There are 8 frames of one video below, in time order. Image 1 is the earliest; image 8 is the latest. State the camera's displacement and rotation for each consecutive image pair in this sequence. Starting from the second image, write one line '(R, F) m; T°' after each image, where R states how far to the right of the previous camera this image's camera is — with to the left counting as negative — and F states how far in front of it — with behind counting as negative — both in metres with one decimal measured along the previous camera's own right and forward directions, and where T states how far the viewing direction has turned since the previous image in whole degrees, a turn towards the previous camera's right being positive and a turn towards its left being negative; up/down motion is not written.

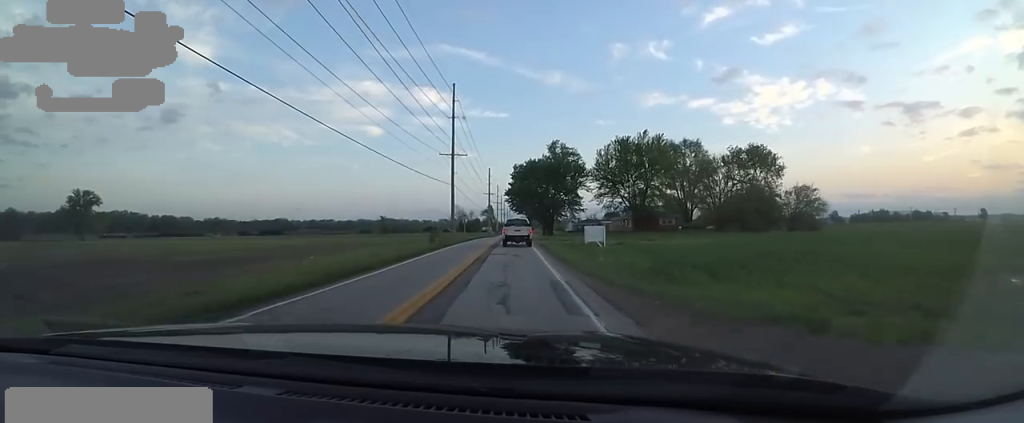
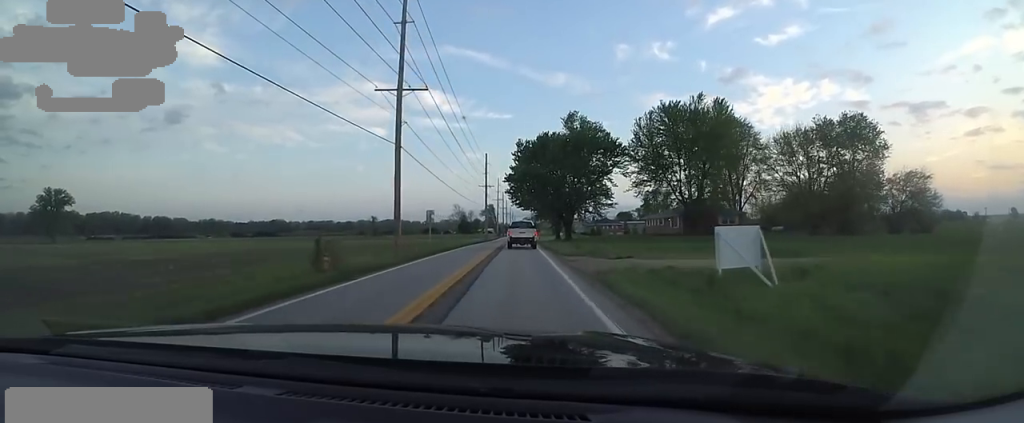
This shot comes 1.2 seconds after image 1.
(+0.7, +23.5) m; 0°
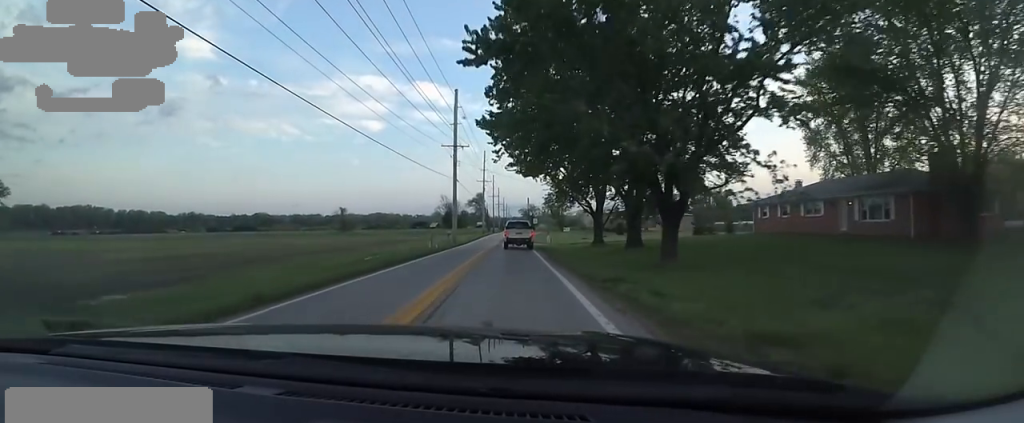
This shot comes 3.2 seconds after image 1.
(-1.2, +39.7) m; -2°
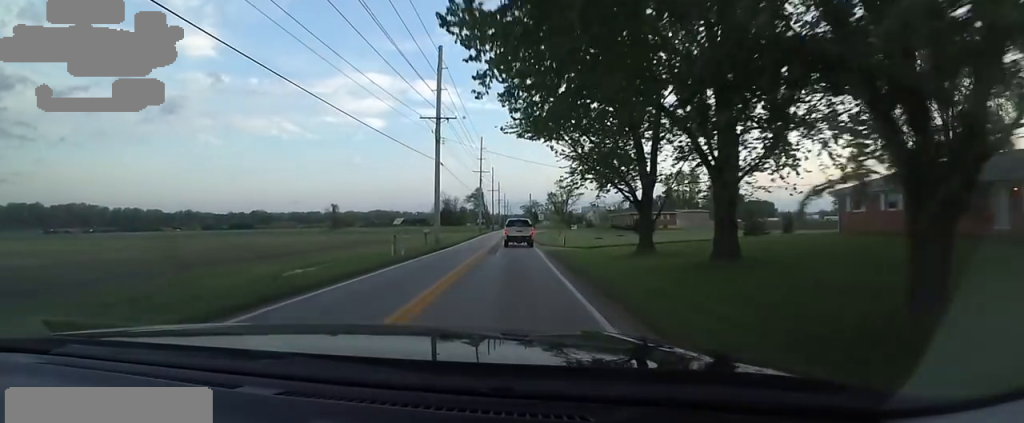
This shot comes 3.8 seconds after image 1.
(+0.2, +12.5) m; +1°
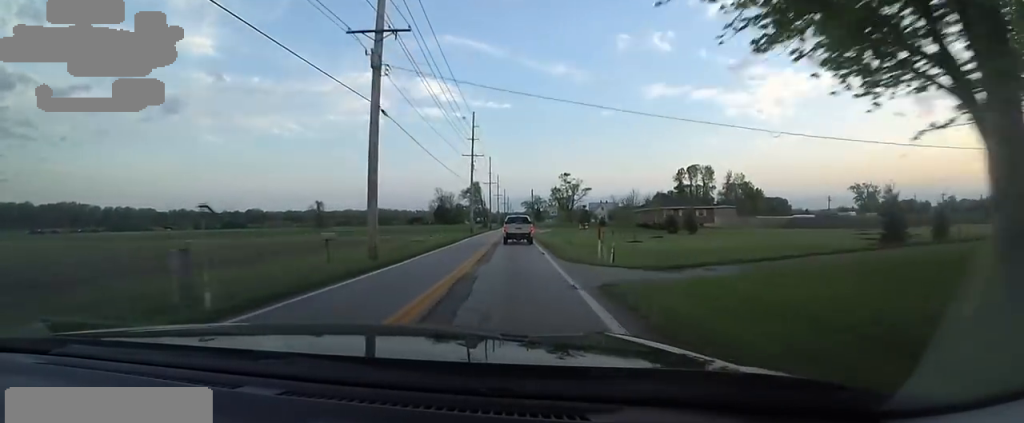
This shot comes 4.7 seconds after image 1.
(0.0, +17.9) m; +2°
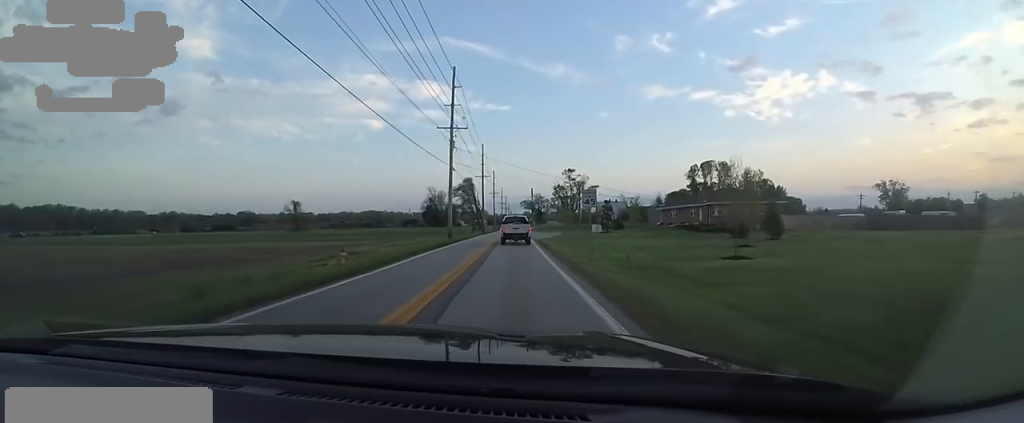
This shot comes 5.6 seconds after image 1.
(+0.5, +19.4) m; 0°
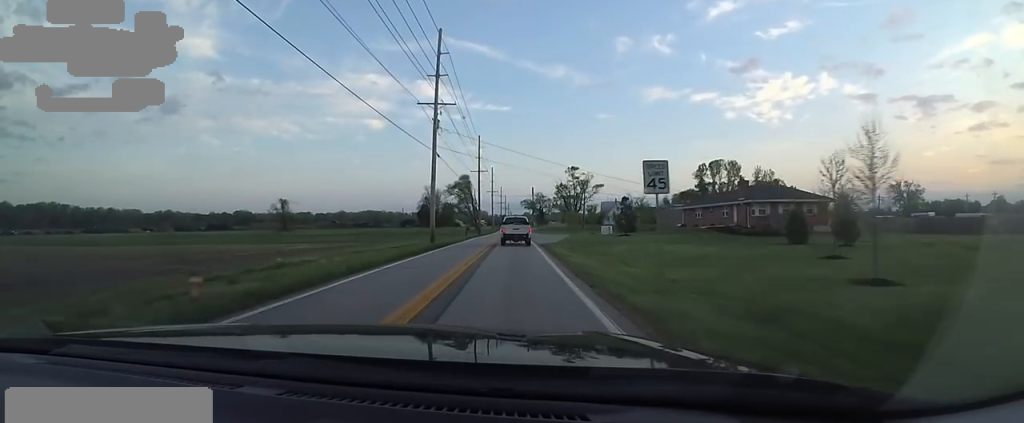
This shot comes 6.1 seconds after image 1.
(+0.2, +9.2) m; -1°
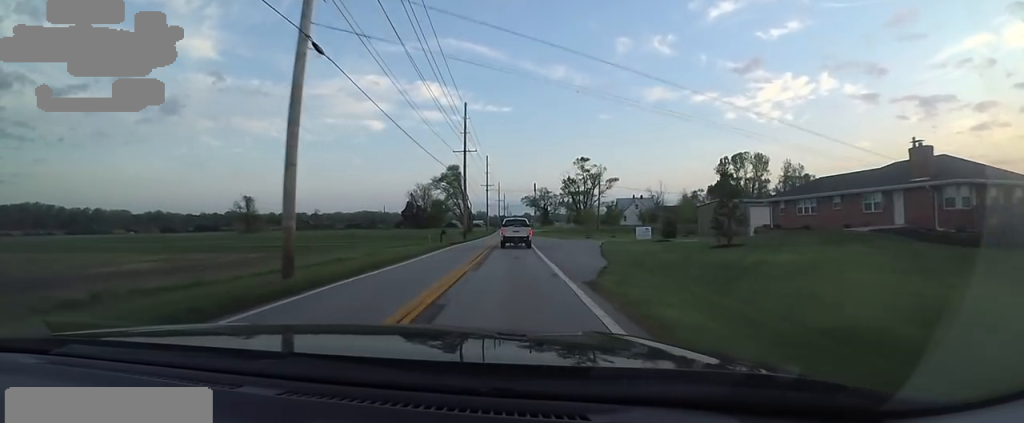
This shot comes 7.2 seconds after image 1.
══════
> **Exercise**:
Give again, word for word, the line containing "This shot comes 6.1 seconds after image 1." and every line after it to the end of the records; leave out the pictures.

> **Task output**:
This shot comes 6.1 seconds after image 1.
(+0.2, +9.2) m; -1°
This shot comes 7.2 seconds after image 1.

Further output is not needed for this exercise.